Donna K. Arnett, PhD

Division of Epidemiology, School of Public Health, University of Minnesota, USA

OVERVIEW OF THE ROLE OF ARTERIAL STIFFNESS IN HYPERTENSION
   Historically, arteries were considered to be passive conduits of blood; today, they are viewed as complex, active participants in cardiovascular function, including abnormalities in blood pressure. Stiffening of large arteries may be both a cause and a consequence of hypertension. There are several studies, including studies done by the University of Minnesota, that confirm that as arterial pressure rises, acute and reversible stiffening of the large arteries occurs without a change in the structure of the artery. Arterial stiffness increases transiently as blood pressure rises. Arterial stiffening also increases because of the structure of the artery changes. Persistently elevated blood pressure accelerates atherosclerosis, arterial smooth muscle hyperplasia and hypertrophy, and collagen synthesis, thereby increasing arterial stiffness. (Fig. 1)

Figure 1

   Both transient and sustained stiffening of the artery are likely to be present in hypertension. An initial elevation in blood pressure may establish a positive feedback in which hypertension biomechanically increases arterial stiffness without any structural change. This elevated blood pressure might later lead to additional vascular hypertrophy and hyperplasia, collagen deposition, and atherosclerosis, and fixed elevations in arterial stiffness.
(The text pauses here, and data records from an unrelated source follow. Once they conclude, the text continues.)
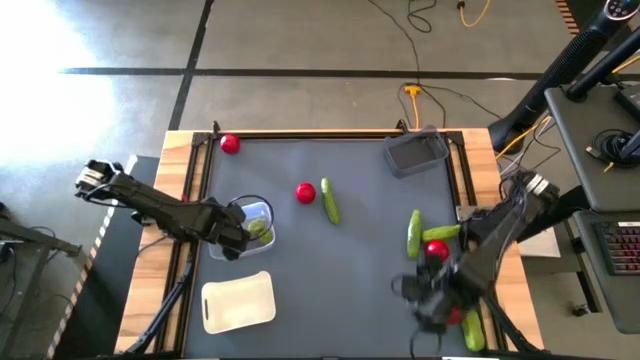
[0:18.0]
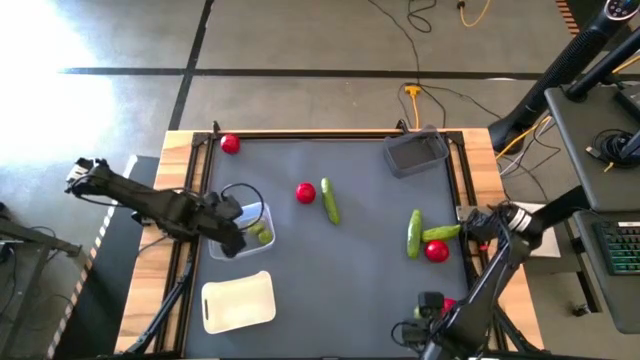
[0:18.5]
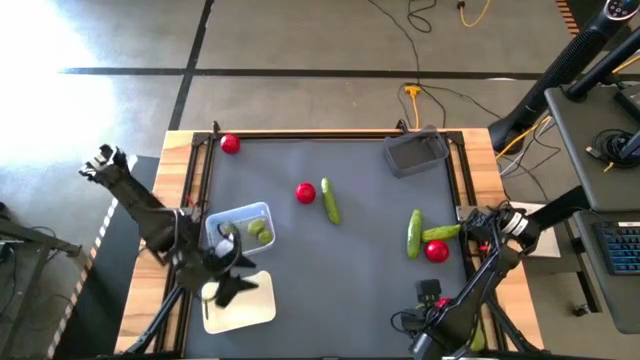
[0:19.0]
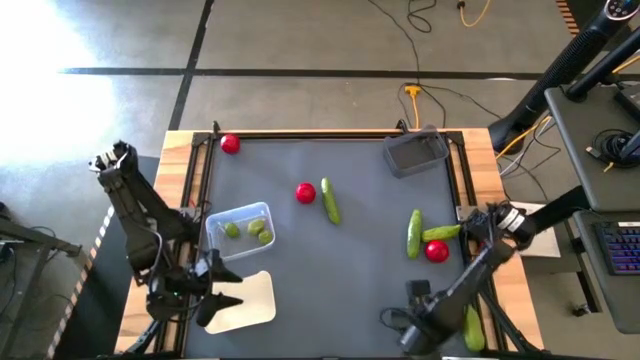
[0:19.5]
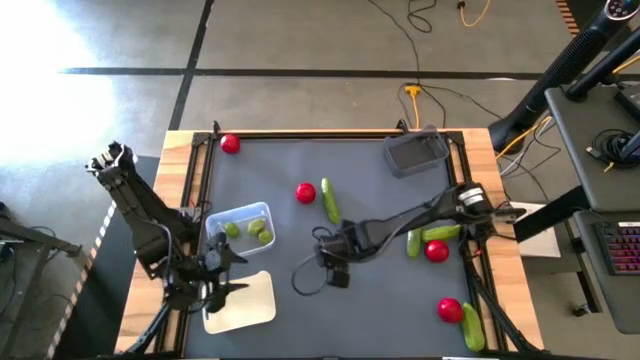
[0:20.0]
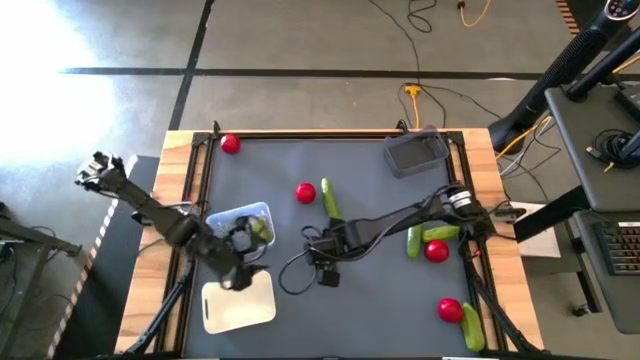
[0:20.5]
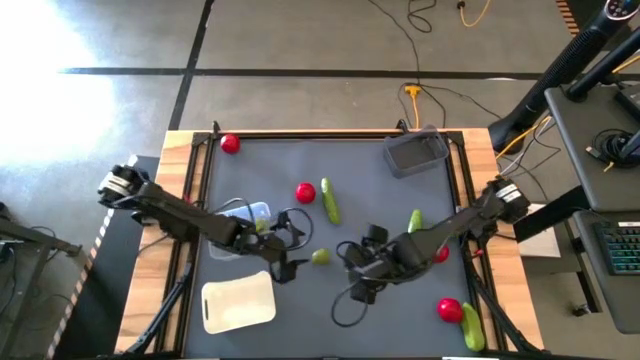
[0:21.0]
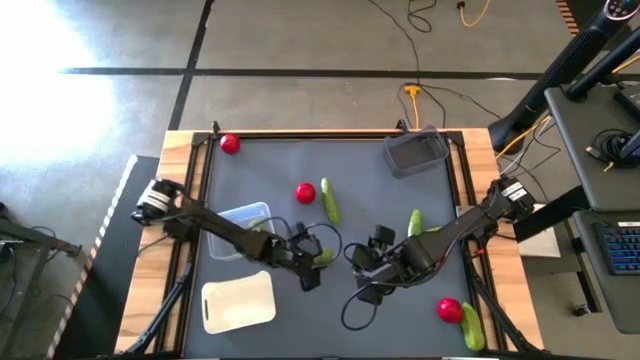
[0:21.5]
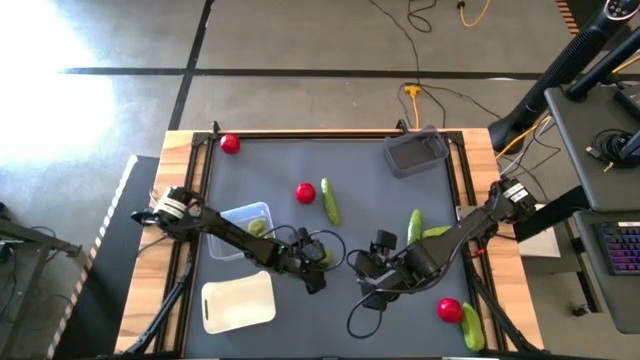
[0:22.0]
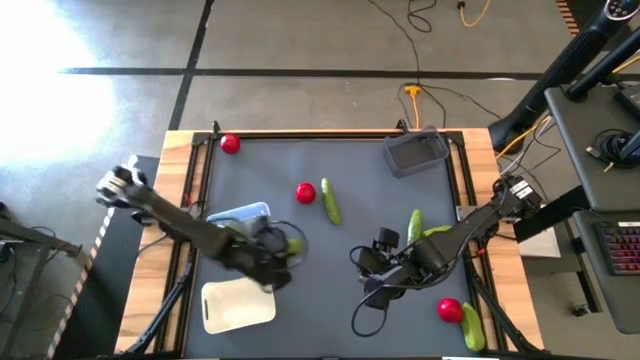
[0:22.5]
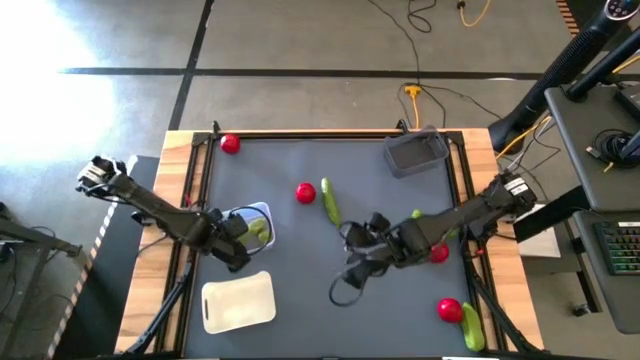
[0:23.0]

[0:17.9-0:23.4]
Put the lime into the transparent bin

ANATOMIC AND PHYSIOLOGIC DETERMINANTS OF ARTERIAL STIFFNESS
   Arteries cushion the cardiac pulsation, converting intermittent blood flow to steady flow. During systole, the aorta expands to accommodate flow (the stroke volume) and recoils during diastole to promote forward flow. Since the aorta has a limited capacity, pressure increases during systole (systolic blood pressure) and is partially maintained during diastole (diastolic blood pressure) by the rebounding of the expanded arterial walls. When arterial stiffness increases, the cushioning function is impaired, leading to a higher systolic and lower diastolic blood pressure. (Fig. 2)

Figure 2

   Arterial stiffness is determined by structural and functional components related to the intrinsic elastic properties of the artery. Elastic properties are the qualities that enable the artery to stretch while retaining its ability to return to its original shape when excess stress (i.e. the pressure) is removed. The endothelium, the elastic tissue within the intimal medial layer, and smooth muscle contribute to arterial stiffness. Elastic fibers, elastin and collagen, are located within the intimal medial layers; at low and normal pressures, the elastin fibers mediate stiffness, while at higher pressures (systolic blood pressure greater than 200 mmHg), collagen fibers do. Differences in the ratio of elastin to collagen affect arterial stiffness. The lower the ratio of elastin to collagen, the stiffer the artery. Elevated smooth muscle tone or smooth muscle cell hypertrophy also increase arterial stiffness.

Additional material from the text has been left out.